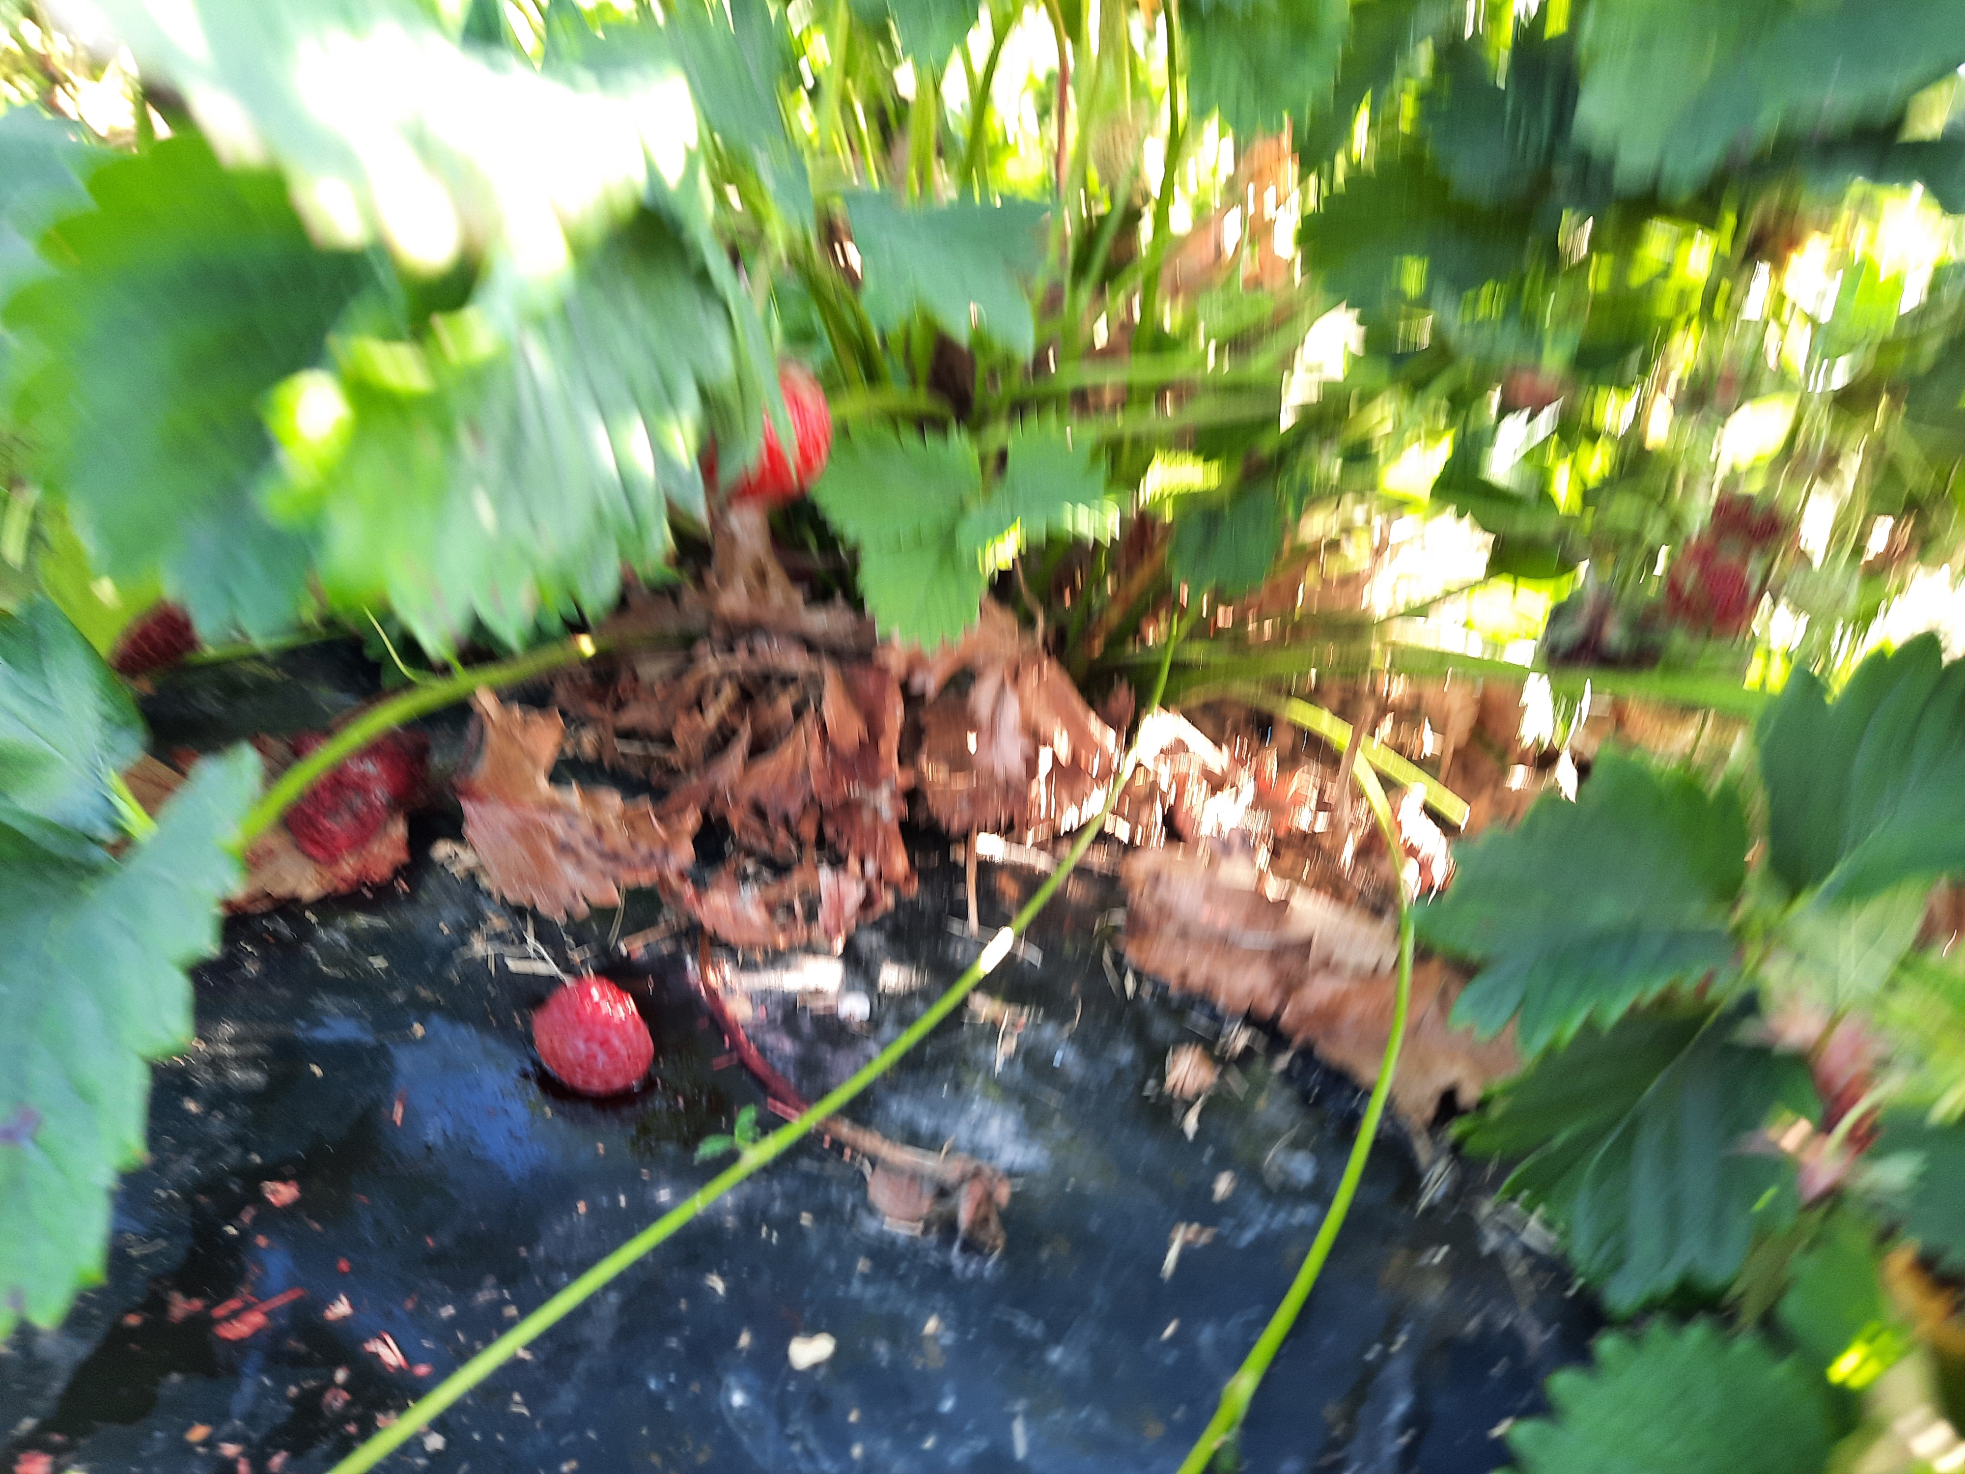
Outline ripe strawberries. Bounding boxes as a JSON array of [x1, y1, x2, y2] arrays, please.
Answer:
[[696, 380, 821, 502], [539, 945, 671, 1097], [1649, 530, 1805, 650]]
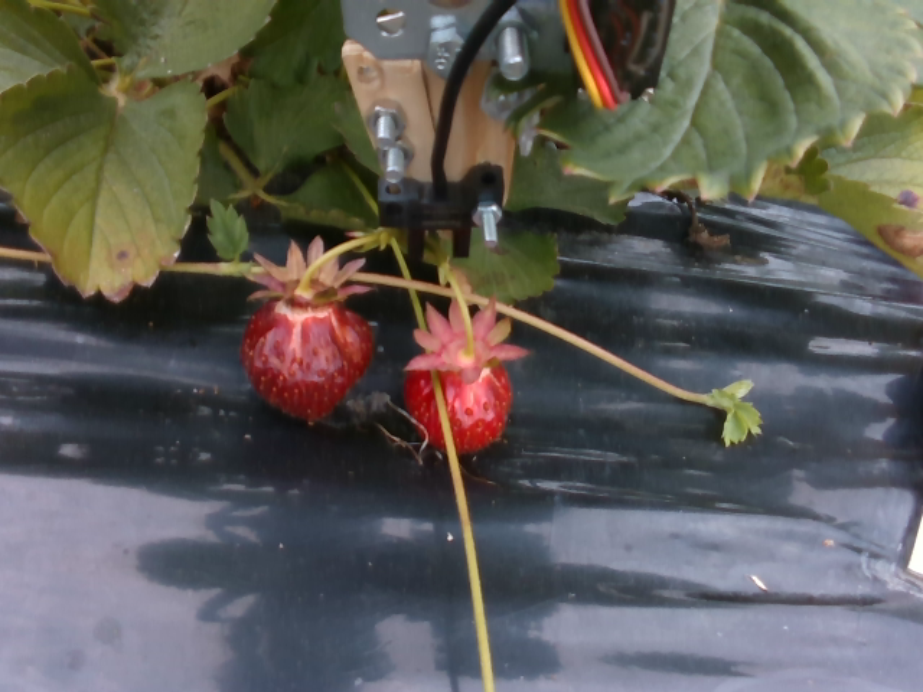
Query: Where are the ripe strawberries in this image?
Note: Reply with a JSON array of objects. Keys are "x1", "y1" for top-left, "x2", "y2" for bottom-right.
[
  {"x1": 243, "y1": 303, "x2": 375, "y2": 423},
  {"x1": 409, "y1": 343, "x2": 511, "y2": 452}
]
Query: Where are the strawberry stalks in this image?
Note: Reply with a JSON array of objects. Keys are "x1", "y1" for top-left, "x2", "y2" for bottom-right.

·····

• What you will do: Without including any picture, retype the entries exactly.

• Solution:
Outline ripe strawberries. Bounding boxes as a JSON array of [x1, y1, x2, y2] arrays, please.
Answer:
[[696, 380, 821, 502], [539, 945, 671, 1097], [1649, 530, 1805, 650]]
Query: Where are the ripe strawberries in this image?
Note: Reply with a JSON array of objects. Keys are "x1", "y1" for top-left, "x2", "y2" for bottom-right.
[
  {"x1": 243, "y1": 303, "x2": 375, "y2": 423},
  {"x1": 409, "y1": 343, "x2": 511, "y2": 452}
]
Query: Where are the strawberry stalks in this image?
Note: Reply with a JSON array of objects. Keys are "x1", "y1" for top-left, "x2", "y2" for bottom-right.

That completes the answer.